Learning to Watch Our Language

Outside Bukavu, Zaire – We went down to the springs the next morning and the boys weren’t kidding – it was a large stream flowing through the jungle, only it was warm and the air was filled with steam from the river. Stef, Mike and Tina splashed around the water a bit before we went back to the truck to leave. We pulled into the city of Bukavu around noon, just in time to change money on the black market and do the food shopping for the next few days. Couldn’t stop for more than an hour or so because we were flying like bats out of hell to get to Goma to see the gorillas. Our courier kept the tour going at a break-neck speed just so we could keep up with the itinerary.

We went to Kahuzi-Buega National Park before leaving for Goma, and that was so we could pay five dollars to go see what our courier thought was a pygmy village. Since we had an incompetent courier who couldn’t lead a group of people out of a paper bag this pygmy village turned out to be a bunch of tea plantation workers who happened to grow dope as well. Dope trees abound, more than I’ve ever seen in my life, but not worth any money to see, let alone five dollars. It sucked and was a total rip off – all thanks to an incompetent courier.

We headed out of Kahuzi-Buega, slowly on the unpaved roads through many a village towards Goma. Zairian children think it’s great fun to pick up rocks or other items and pretend to throw them at the truck. It got to the point where Jim has a few rocks on his lap to throw back if need be. The only other thing Zairian children know how to do is stick their hands out like beggars and scream, “Donnez moi une Bic.” (meaning Bic pen.) Everyone on the truck was so sick of hearing these kids scream “donnez-moi” that when entering a new village, before the barrage of donnez-mois could be screamed by the kids, we’d all lean out of the truck and scream it at them first. That confused the locals a little bit, but not enough to keep them quite.

Speaking of thing we used to do on the truck – there’s Raewyn, one of the Kiwi girls. Raewyn would always sit on one of the outside seats and would proceed to wave like crazy at any and all locals within her range of peripheral vision. I sat there and watched her for a while and figured out that she thought she was the Queen of England spreading goodwill and homeliness and that every local she waved at should wave back. If the locals didn’t wave back she’d lean out of the truck wildly waving her hands harder while screaming “Jambo” – welcome in Swahili in an attempt to get a response. Amusing to watch her, but even more amusing to see the expressions on the locals’ faces. The way the locals looked at Raewyn made me think that they were thinking, “Who’s the silly bitch hanging out of a blue mzungu truck screamin ‘Welcome’?” Remember I mentioned the Zairian boys throwing rocks? If I were a native and I saw Raewyn acting the way she was I’d throw rocks too – I don’t blame them.

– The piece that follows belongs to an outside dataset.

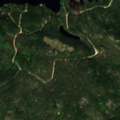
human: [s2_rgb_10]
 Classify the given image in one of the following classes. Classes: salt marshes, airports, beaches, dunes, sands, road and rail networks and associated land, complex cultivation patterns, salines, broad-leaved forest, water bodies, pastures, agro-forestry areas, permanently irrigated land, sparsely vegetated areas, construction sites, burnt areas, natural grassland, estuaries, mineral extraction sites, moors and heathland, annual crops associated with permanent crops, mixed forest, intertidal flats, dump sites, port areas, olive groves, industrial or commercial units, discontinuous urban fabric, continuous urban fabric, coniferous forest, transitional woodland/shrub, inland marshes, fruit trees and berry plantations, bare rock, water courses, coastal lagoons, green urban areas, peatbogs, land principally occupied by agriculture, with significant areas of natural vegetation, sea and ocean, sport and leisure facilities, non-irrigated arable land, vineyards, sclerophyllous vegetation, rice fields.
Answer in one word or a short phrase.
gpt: coniferous forest, water bodies

We drove all day, finally reaching the shores of Lake Kivu where we camped in a school yard for the night. That evening Brenda, Rich Tom (the plumber) and I were standing around the fire talking to one of the teachers when tom made a major faux pas. Tom wasn’t that clued in as to the ramifications which can occur if you bag on the ruling dictator while talking to the locals (who could always be the police). He and the school teacher were talking away when the teacher asked Tom if he knew about Zaire’s president. Tom’s response was, “What, that he sucks?” Rich, Brenda and I all heard that and immediately all of us started screaming NO! NO! NO! NO! The school teacher saw our reaction and said he didn’t like the president either. It was only after Tom saw our reaction to his comment that he watched what he said to the locals. Tom is a dim bulb, but he is amusing to be around – just to hear what the next outrageous statement to come out of his mouth is going to be.